A capacitor is charged by an 8V battery. When 1 C passes through the capacitor, it goes through the first plate with 8 J  and comes out of the second plate with 0 J. Does this mean that if we connect a voltmeter to the capacitor it will read a potential difference of 8 V just because of 1 C of charg

I smell confusion. Let's clear a few things up and see if it helps. First note that it's a bit misleading to say a coulomb of charge goes "through" the capacitor. Rather, a coulomb goes in one side and a different coulomb comes out the other side. Second, the voltage on the capacitor will build up gradually as more charge goes "through". If it really does come to 8 volts after 1 coulomb, then it must have been a 1/8 farad capacitor. (You didn't mention that so I have to hope you realize it matters.) Third, if you imagine connecting an ideal constant voltage supply (8 V say) to an ideal capacitor, there's a paradox. Because the power supply gives 8 V, every coulomb that leaves the supply takes 8 joules with it.
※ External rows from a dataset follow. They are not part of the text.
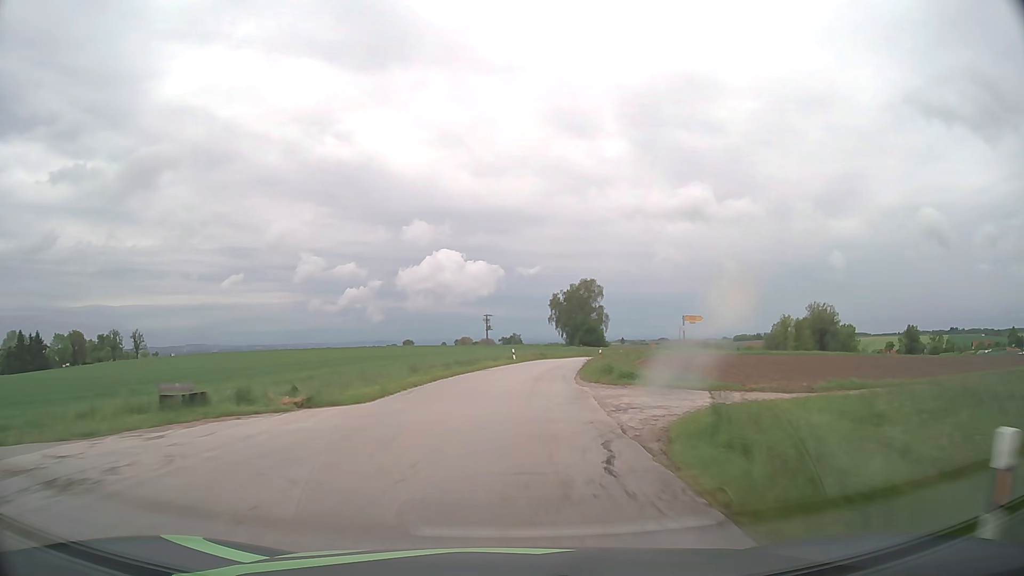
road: tertiary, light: Day
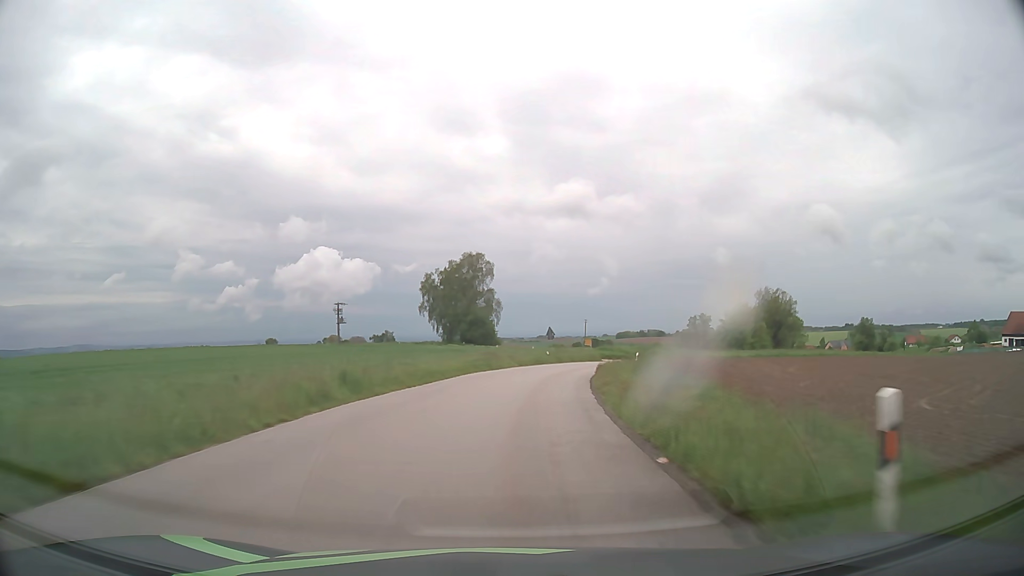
(+4.1, +49.5) m; +10°
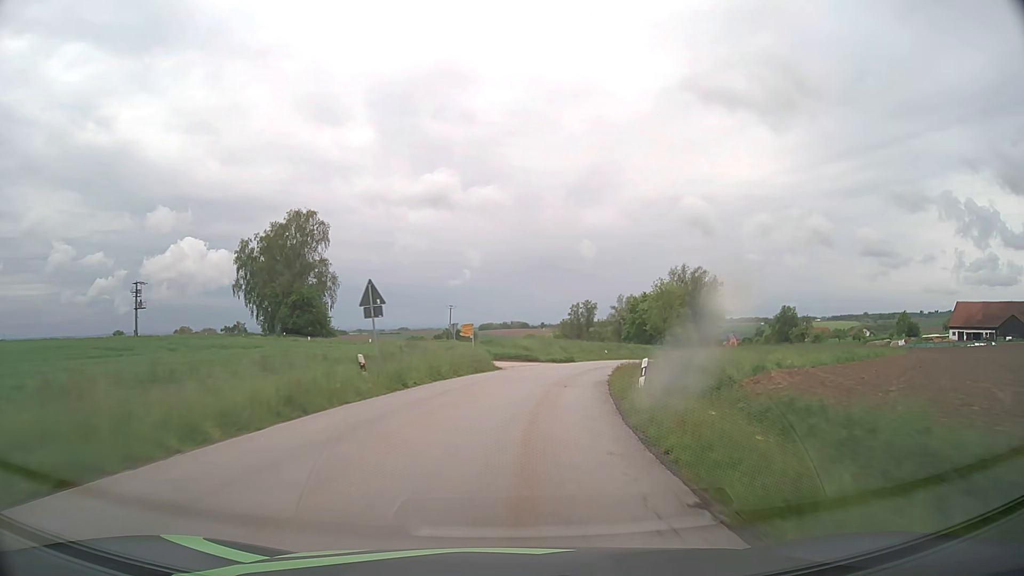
(+3.3, +37.2) m; +11°
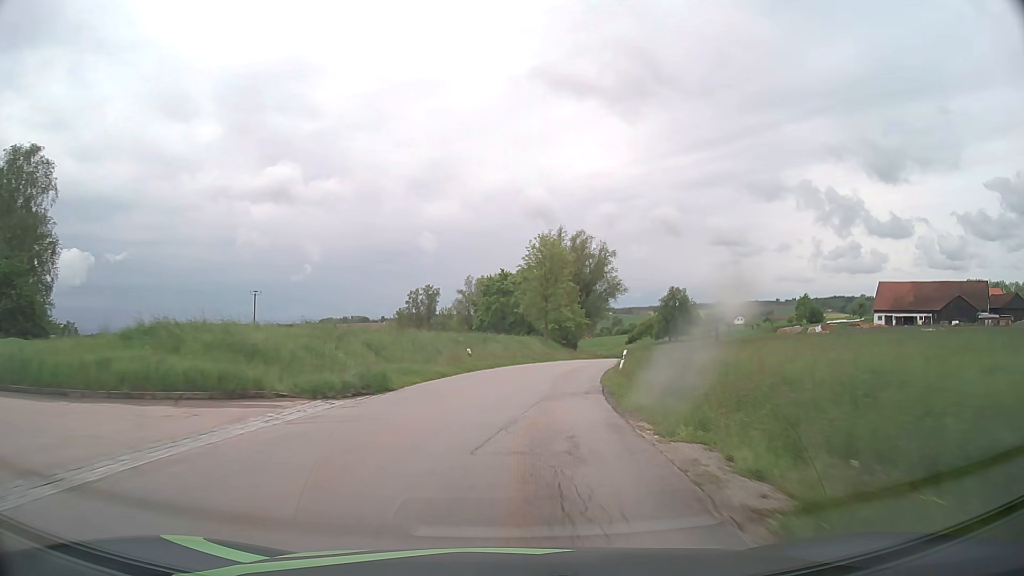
(+4.3, +36.4) m; +14°
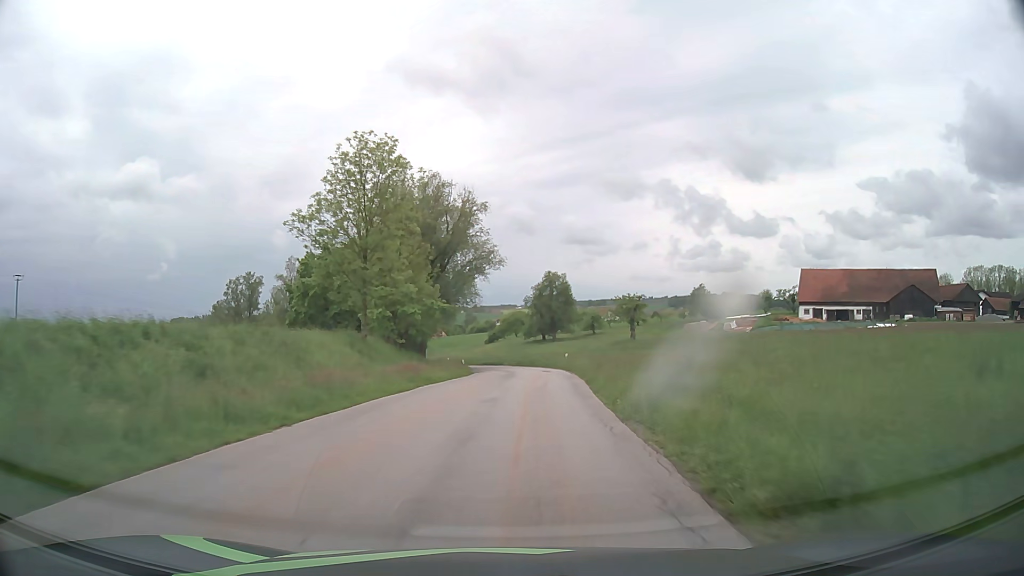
(+3.5, +34.5) m; +12°
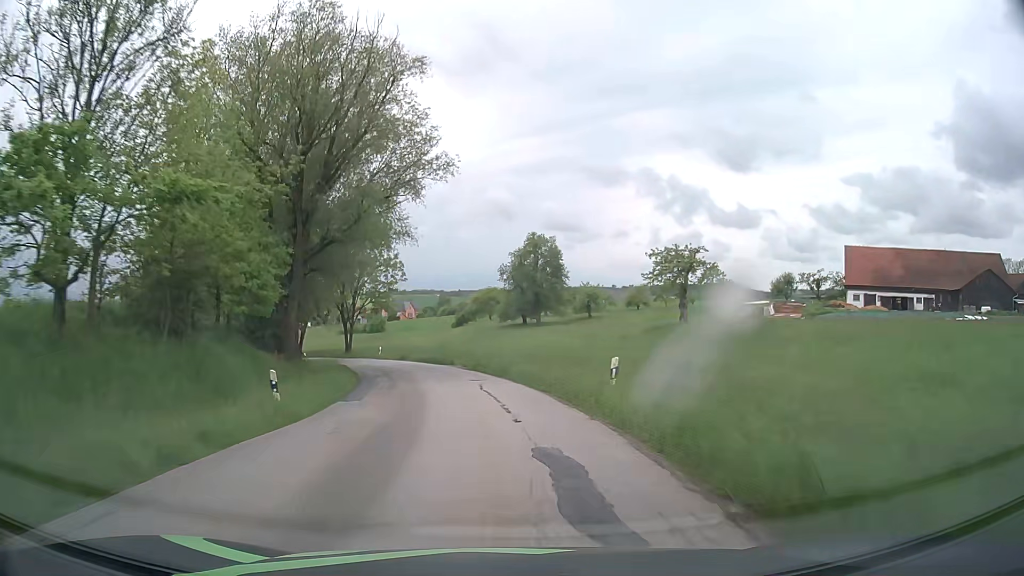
(+2.0, +32.5) m; +3°
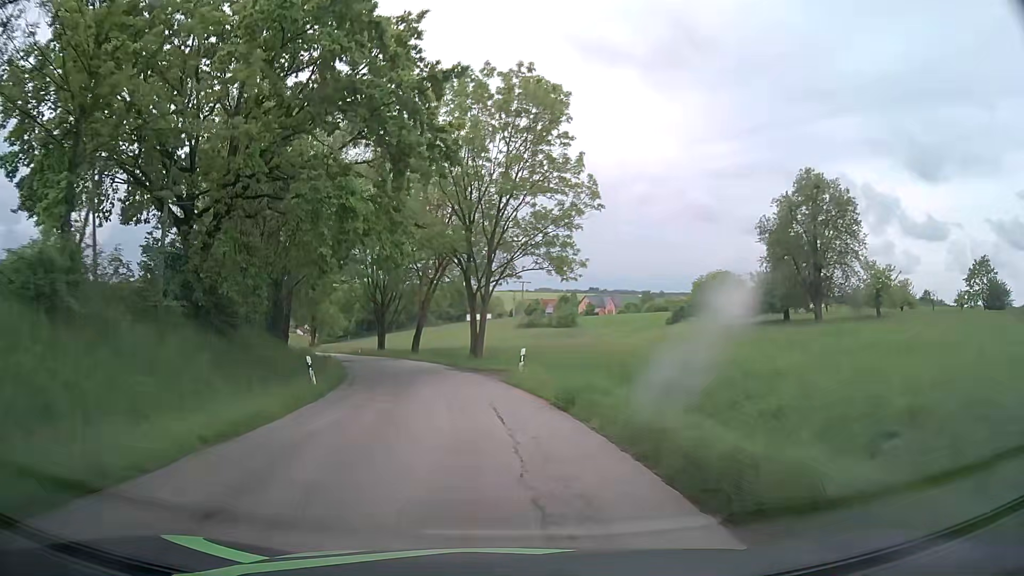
(-5.1, +39.1) m; -17°
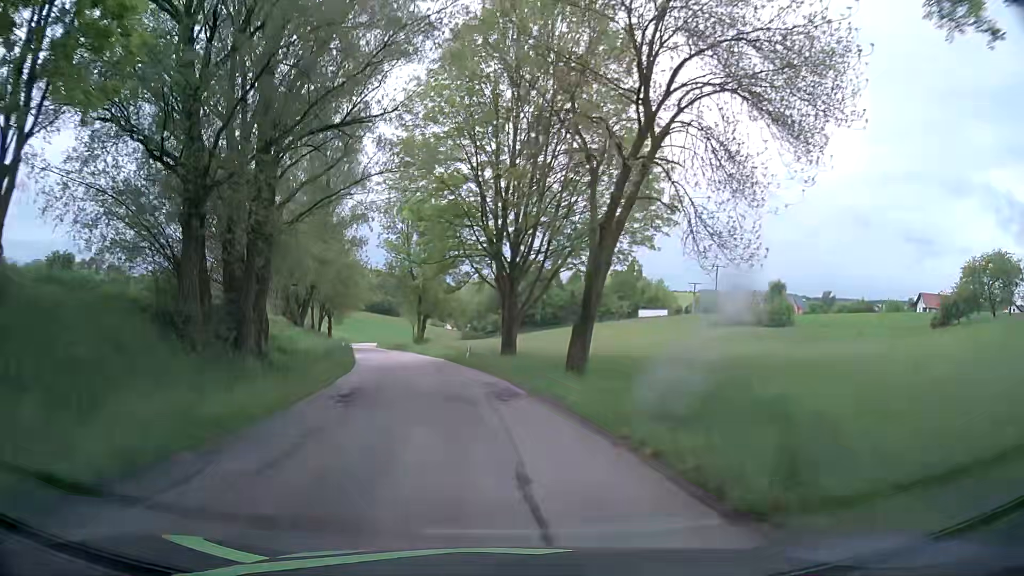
(-4.6, +34.7) m; -13°
(0, +10) (-1, +20) (-3, +30) (-5, +40) (-8, +49) (-11, +59) (-14, +68) (-17, +78) (-19, +88) (-22, +97) m

If it's charging a 1/8 F capacitor, 1 coulomb leaves, and with it 8 joules. The voltage on the capacitor only builds up gradually as it charges. The energy it ends up storing is less than 8 V * 1 C = 8 J. In fact it's half that. Thus the idealized situation can't be physically realizable. In reality the current missing 4 J of energy will go into either heating of the wires leading to the capacitor or radio waves from the sudden current pulse.

When the capacitor is fully charged (ideally) no more current flows. With no current flow, the voltmeter will read the full voltage of the source. This assumes an ideal voltmeter with infinite impedance. In real life, any voltmeter will ever so slightly drain some current, gradually reducing the voltage a bit below 8 volts.
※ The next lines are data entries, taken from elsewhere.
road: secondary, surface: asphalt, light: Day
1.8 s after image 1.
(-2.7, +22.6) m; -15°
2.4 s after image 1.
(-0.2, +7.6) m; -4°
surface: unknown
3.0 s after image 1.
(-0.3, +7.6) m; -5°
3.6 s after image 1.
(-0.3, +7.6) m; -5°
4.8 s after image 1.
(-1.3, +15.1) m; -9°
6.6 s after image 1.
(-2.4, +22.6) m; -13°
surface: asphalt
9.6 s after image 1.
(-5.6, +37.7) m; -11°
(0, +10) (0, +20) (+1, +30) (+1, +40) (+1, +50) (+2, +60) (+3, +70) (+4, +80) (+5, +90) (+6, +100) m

When we connect the capacitor to the battery, charge gets stored in the capacitor, which is the form of energy stored in the capacitor. Since no resistor is connected to the capacitor, the capacitor gets instantly charged. This work is actually converted into energy which is stored.This energy gives rise to potential difference

Electronic technician for lo these many years. This explanation ignores all inconvient realities. If the capacitor alone (no resistance) is left connected to the battery after it has reached full charge, it will stop conducting current and act as an open circuit. An ammeter in the circuit will show first the full current capacity of the battery and then fall off to zero. A volt meter will measure 1st no voltage and then rise to the full voltage of the battery. If, at this time, the battery is disconnected from the capacitor the cap will read the full voltage of the battery as well. (Remember, no inconvient realities.) The coulombs in the circuit will be at maximum when the current is max and the voltage is 0. At full charge there will be no amps therefore no coulombs. The missing realities: There will be some resistance. There could be some leakage through the capacitor resulting in some current after it's charged. The battery will likely be at less than rated voltage. The capacitor probably won't charge to the full voltage supplied anyway. There are probably more that I'm not thinking of because of my brain, one of my inconvient realities.